Qui n’a entendu dire, dans ma génération et bien après, « les voyages forment la jeunesse » ? L’idée, qui n’est pas nouvelle et que soutient déjà Montaigne en d’autres termes, est qu’il est bon de se frotter à d’autres cultures pour en retirer expérience et connaissance, mais aussi pour confronter les usages, donc relativiser nos principes et nuancer (ou invalider) nos certitudes.
Si voyager c’est découvrir, le voyage devient formateur lorsqu’il nous questionne : d’emblée la découverte est moins affaire de distance que changement de point de vue. De là une tendance, pas nouvelle non plus, à considérer qu’il y a autant à découvrir dans un changement de perspective ou au fond de son jardin qu’en se rendant à l’autre bout du monde.
Tout
ceci est vrai. Je veux dire que toutes les opinions ainsi forgées au
gré de l’expérience et de la pensée sont rationnellement
défendables et respectables. Mais il se trouve qu’à l’époque
(la nôtre) où l’on s’est enfin rendu compte que les ressources
vitales (eau, air respirable...) et énergétiques ne sont pas
inépuisables, le phénomène des déplacements touristiques, perçu
comme une promesse d’ouverture il y a peu de temps encore, prend
des allures de luxe inutile, voire éhonté.

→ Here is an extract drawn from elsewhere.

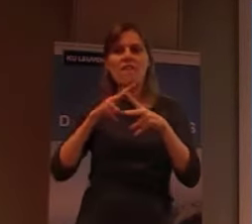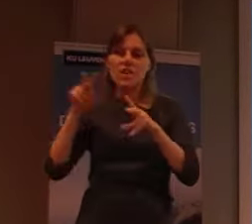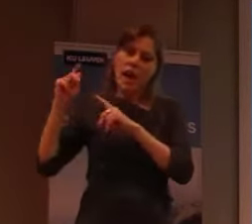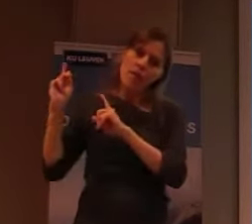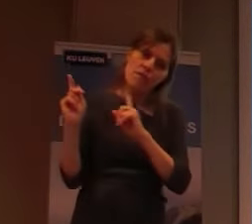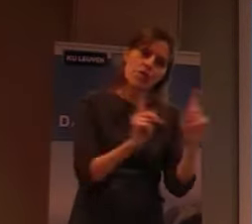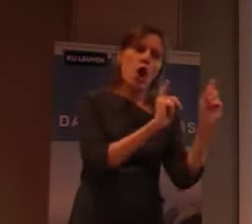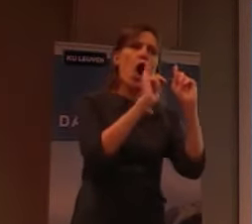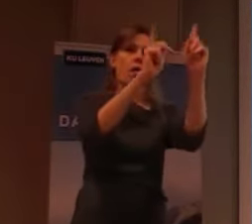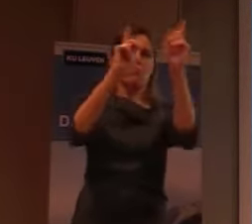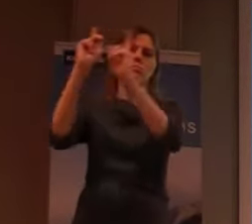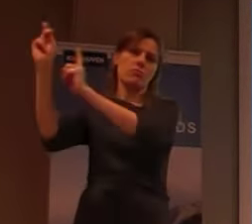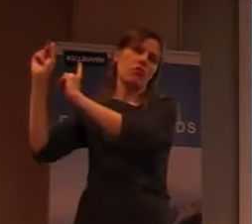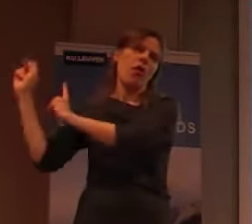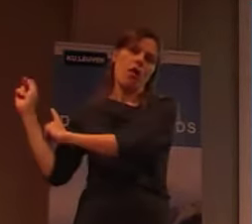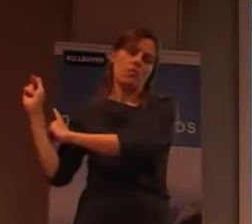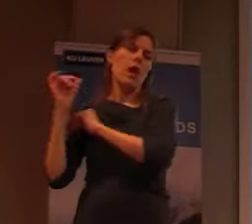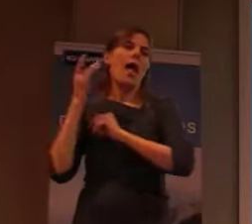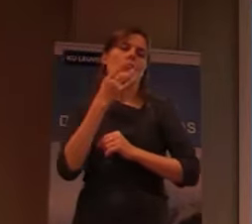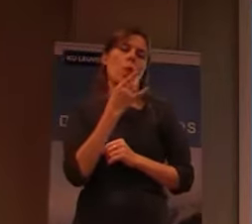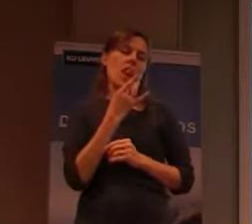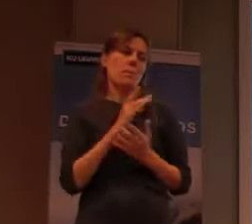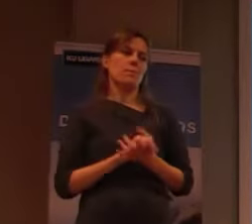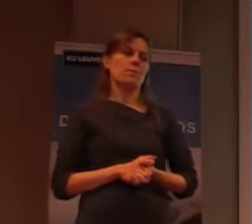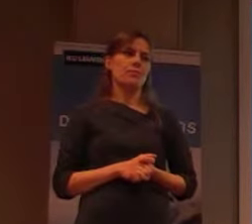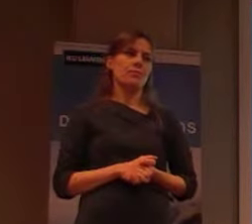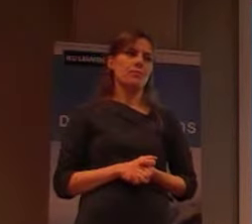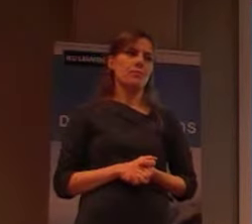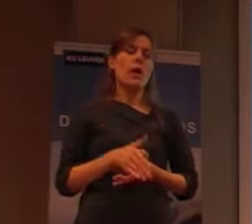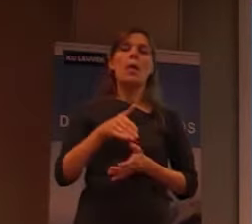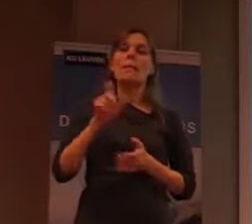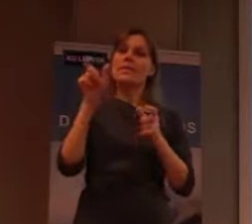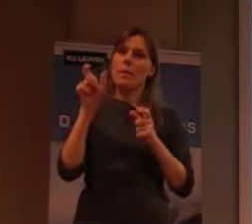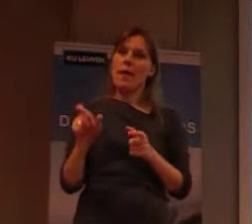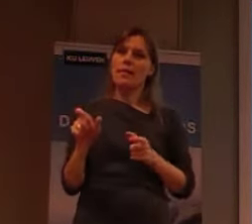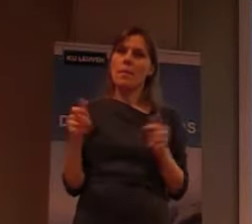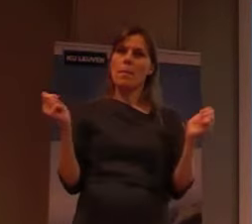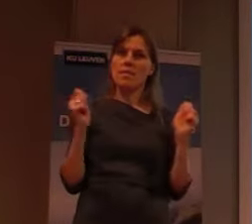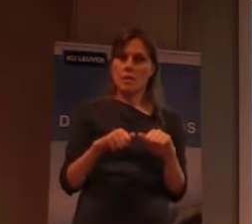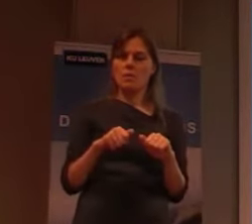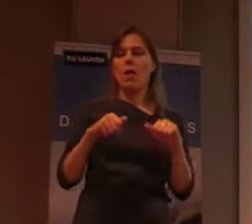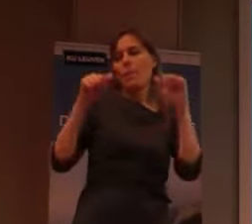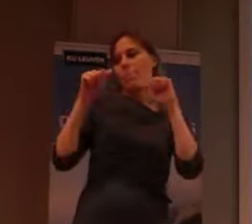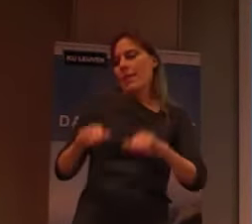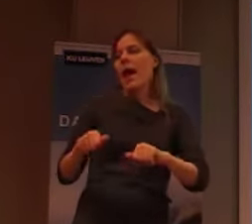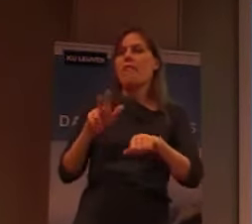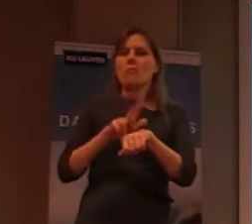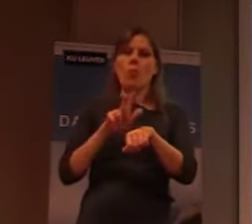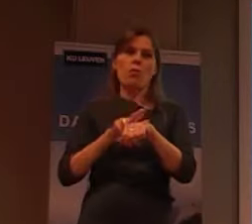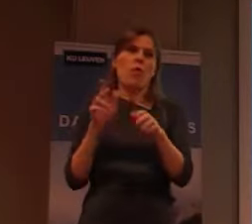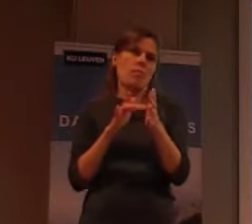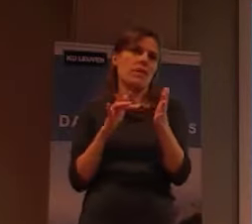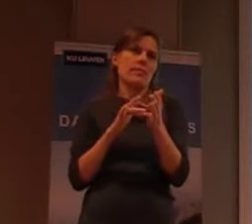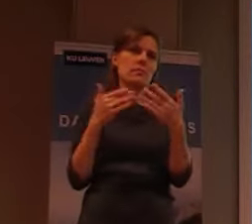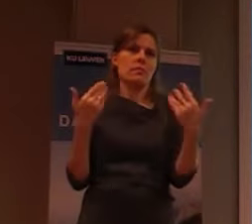als ze dat willen. De meeste mensen, hebben eigenlijk beslist, van daar te blijven wonen, omdat dat ondertussen, ook hun thuis was.

Et que dire des sports d'hiver mis à la portée de beaucoup dans les années 1960-70, même à moyenne altitude : que faire lorsque les glaciers se retirent et que la neige est moins abondante ? Limiter les sports d'hiver ou s'en passer ? Non : fabriquer la neige à partir de l'eau qui viendrait cependant à manquer...
Je ne saurais dire ici s’il est bon ou mauvais de voyager, et de voyager plutôt par goût et plaisir que pour affaire(s) et par profession, si tant est que le voyage d’affaires se justifie mieux que l’autre, ce qui me paraît loin d’être évident. Je voudrais seulement signaler que la remise en cause des raisons de voyager, et surtout des bonnes raisons, autrement dit la remise en question des bonnes pratiques du tourisme, me paraît sans fin : si des pratiques semblent particulièrement absurdes et néfastes, selon quelles valeurs justifier d’autres pratiques qui nous paraissent plus respectables ? Où placer le curseur et selon quels critères ? Y a-t-il un droit culturel qui, lié comme jadis à une appartenance de classe , rendrait moins absurde le déplacement / dépaysement et le justifierait, contre un usage qui ne pouvant produire cet alibi culturel devrait disparaître ? Prenons un exemple vécu, et même plusieurs s’il le faut…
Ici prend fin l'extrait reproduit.